**EXERCISE PROMPT:**
Print the data below again in full, exactly as it stands, with no images.

**DATA FOR THE TASK:**
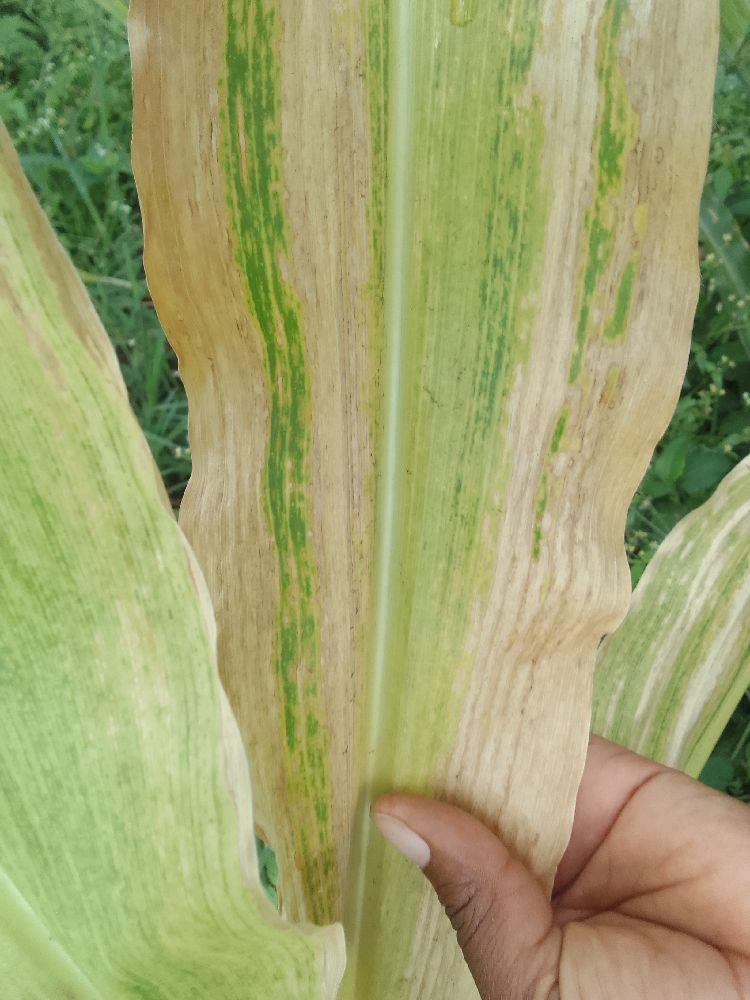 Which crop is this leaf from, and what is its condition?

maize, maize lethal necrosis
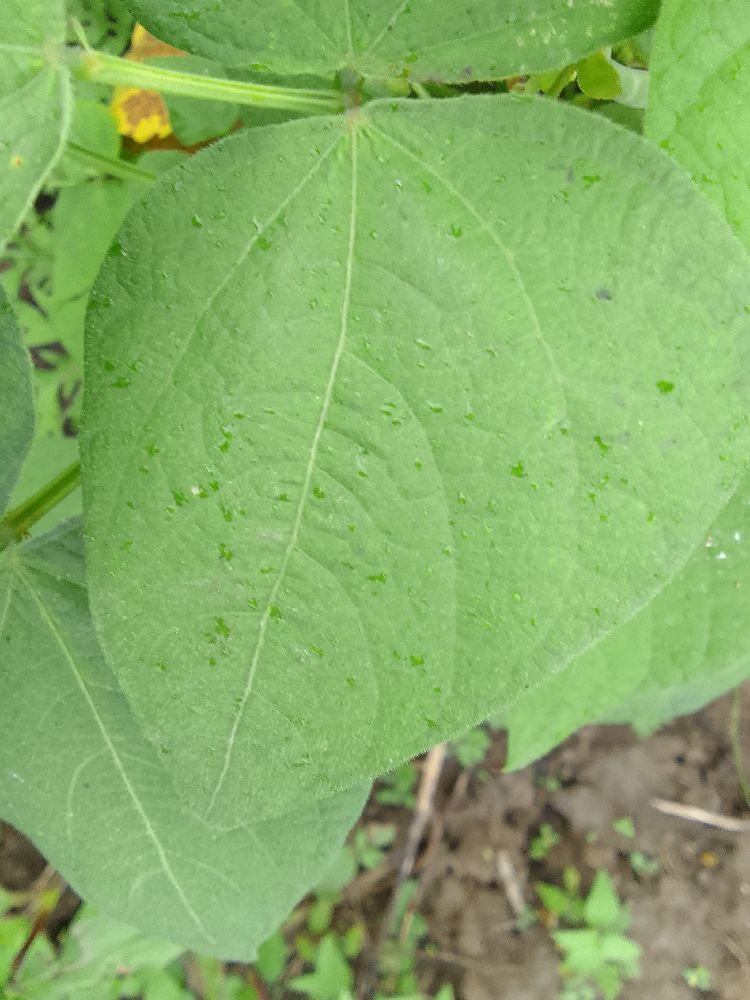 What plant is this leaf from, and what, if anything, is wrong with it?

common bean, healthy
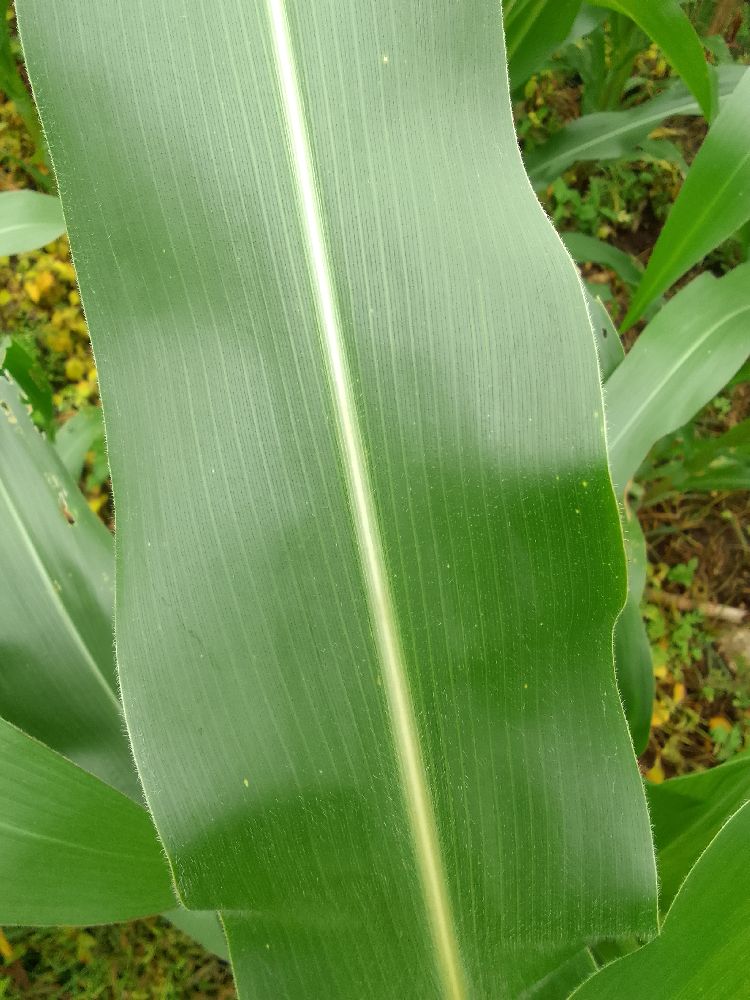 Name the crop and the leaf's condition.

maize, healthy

**EXERCISE RESPONSE:**
 Which crop is this leaf from, and what is its condition?

maize, maize lethal necrosis
 What plant is this leaf from, and what, if anything, is wrong with it?

common bean, healthy
 Name the crop and the leaf's condition.

maize, healthy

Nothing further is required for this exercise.